Task requirements = Reproduce the section of the listing that begins at the line containing "Q: Is the text bold? A: No." and finishes at the line containing "Q: Stroke contrast? A: Low.". Include both end lines and nothing beyond them.

** Records to process follows **

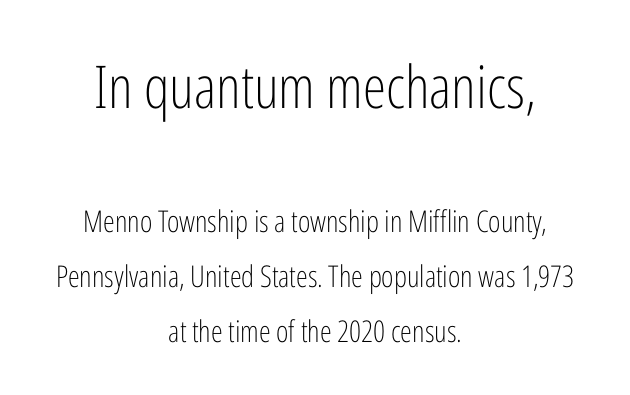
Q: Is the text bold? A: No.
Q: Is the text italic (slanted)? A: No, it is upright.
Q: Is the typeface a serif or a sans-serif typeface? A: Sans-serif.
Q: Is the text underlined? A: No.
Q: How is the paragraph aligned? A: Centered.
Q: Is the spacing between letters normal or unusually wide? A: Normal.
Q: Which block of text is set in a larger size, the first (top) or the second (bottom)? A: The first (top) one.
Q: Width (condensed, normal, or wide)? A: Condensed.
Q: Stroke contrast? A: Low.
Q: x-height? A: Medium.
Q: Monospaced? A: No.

** End of Records to process **
** Records to process follows **

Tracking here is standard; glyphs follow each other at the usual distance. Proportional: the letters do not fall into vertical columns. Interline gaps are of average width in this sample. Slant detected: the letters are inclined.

** End of Records to process **

Written solution =
Q: Is the text bold? A: No.
Q: Is the text italic (slanted)? A: No, it is upright.
Q: Is the typeface a serif or a sans-serif typeface? A: Sans-serif.
Q: Is the text underlined? A: No.
Q: How is the paragraph aligned? A: Centered.
Q: Is the spacing between letters normal or unusually wide? A: Normal.
Q: Which block of text is set in a larger size, the first (top) or the second (bottom)? A: The first (top) one.
Q: Width (condensed, normal, or wide)? A: Condensed.
Q: Stroke contrast? A: Low.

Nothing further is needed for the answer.